INFORMATION:
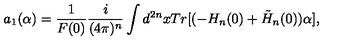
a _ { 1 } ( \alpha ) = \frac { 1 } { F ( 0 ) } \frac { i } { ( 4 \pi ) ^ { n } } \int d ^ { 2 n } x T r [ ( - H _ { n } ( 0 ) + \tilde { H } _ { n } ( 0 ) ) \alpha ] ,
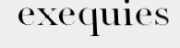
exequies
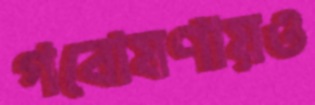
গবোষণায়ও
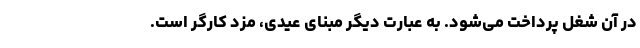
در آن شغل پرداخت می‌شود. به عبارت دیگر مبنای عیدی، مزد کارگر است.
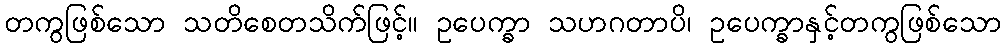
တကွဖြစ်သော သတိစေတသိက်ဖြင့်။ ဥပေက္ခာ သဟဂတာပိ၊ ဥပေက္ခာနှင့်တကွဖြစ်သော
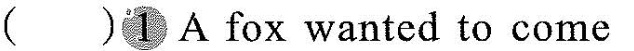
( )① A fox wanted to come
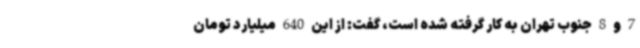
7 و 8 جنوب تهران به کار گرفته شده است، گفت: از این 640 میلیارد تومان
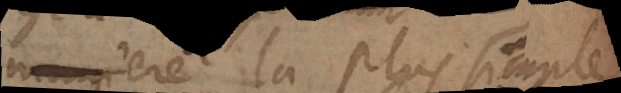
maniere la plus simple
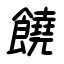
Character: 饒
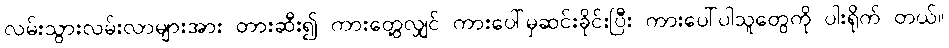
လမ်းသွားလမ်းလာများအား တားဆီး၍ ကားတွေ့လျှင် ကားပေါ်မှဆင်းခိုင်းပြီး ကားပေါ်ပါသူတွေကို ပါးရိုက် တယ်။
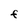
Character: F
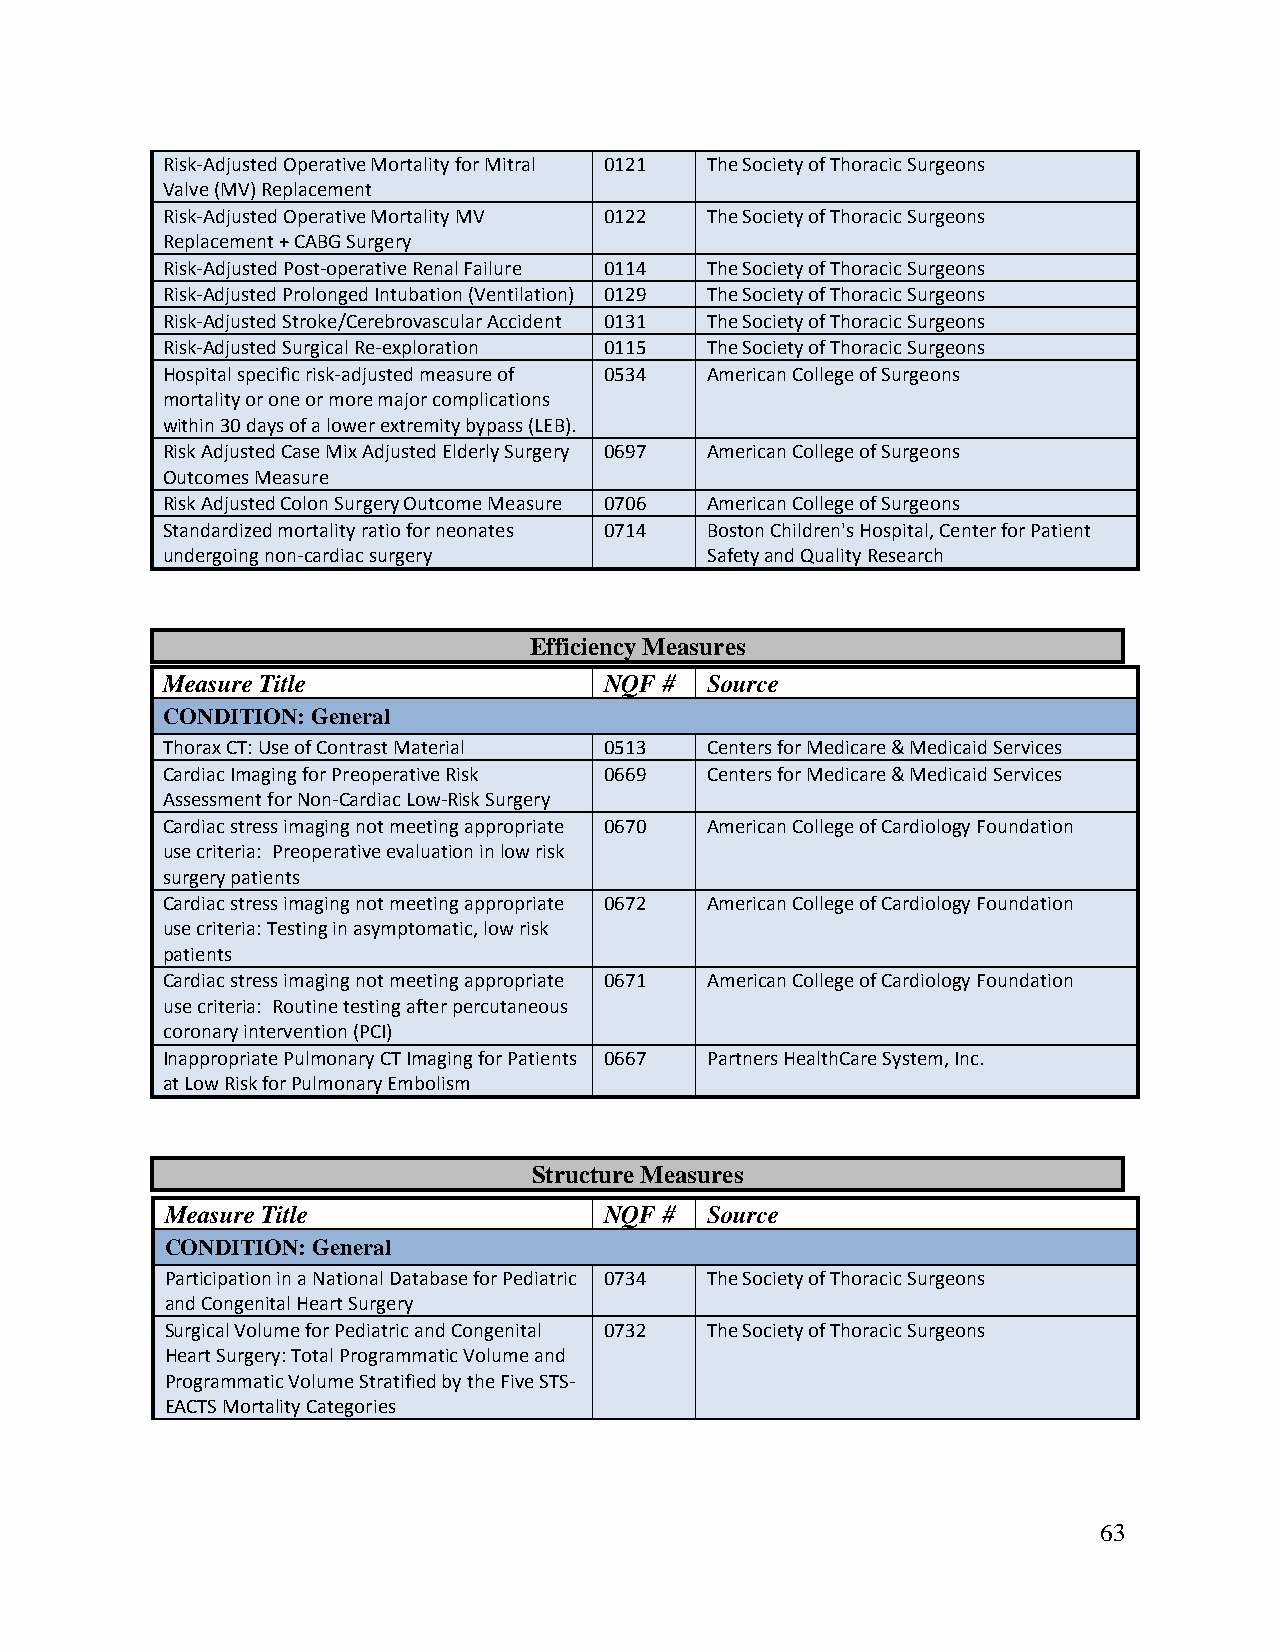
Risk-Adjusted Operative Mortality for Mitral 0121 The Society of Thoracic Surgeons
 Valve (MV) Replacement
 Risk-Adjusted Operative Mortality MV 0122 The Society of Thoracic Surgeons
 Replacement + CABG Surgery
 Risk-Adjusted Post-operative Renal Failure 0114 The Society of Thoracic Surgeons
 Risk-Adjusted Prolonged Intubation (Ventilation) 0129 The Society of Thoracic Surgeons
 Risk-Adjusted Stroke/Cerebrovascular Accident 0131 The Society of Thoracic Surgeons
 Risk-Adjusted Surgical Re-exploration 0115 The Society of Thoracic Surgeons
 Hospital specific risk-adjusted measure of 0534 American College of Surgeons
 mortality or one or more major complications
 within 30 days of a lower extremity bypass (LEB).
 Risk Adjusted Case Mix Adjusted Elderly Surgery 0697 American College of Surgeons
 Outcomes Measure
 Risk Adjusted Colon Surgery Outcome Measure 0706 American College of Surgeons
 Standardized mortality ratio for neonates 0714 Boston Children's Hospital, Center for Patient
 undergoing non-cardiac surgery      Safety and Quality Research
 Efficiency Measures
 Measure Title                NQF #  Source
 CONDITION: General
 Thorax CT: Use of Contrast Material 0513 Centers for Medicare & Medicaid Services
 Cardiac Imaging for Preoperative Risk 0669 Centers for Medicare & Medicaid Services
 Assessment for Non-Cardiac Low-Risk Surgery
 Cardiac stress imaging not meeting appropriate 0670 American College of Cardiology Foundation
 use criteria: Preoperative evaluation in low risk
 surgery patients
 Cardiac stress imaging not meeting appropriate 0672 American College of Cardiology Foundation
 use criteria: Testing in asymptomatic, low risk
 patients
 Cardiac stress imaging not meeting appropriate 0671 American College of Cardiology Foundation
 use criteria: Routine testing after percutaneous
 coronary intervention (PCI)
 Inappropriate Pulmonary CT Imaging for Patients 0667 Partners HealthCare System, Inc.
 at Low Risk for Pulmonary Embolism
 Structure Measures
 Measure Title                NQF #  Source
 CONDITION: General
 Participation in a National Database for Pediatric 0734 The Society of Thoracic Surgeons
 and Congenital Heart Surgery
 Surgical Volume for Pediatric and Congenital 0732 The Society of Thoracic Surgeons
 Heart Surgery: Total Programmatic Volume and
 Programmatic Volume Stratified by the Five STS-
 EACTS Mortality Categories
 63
* * *
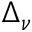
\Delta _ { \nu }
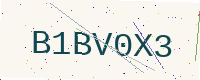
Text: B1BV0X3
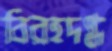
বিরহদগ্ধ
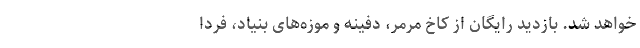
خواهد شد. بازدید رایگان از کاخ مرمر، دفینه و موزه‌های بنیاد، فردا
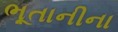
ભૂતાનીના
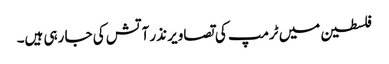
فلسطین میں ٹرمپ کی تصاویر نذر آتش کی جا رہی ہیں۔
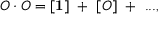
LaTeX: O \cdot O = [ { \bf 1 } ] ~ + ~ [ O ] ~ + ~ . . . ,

YOUR OBJECTIVE:
Work out how many lines above contain the word "Pediatric". Give only the number.

ANSWER BELOW:
2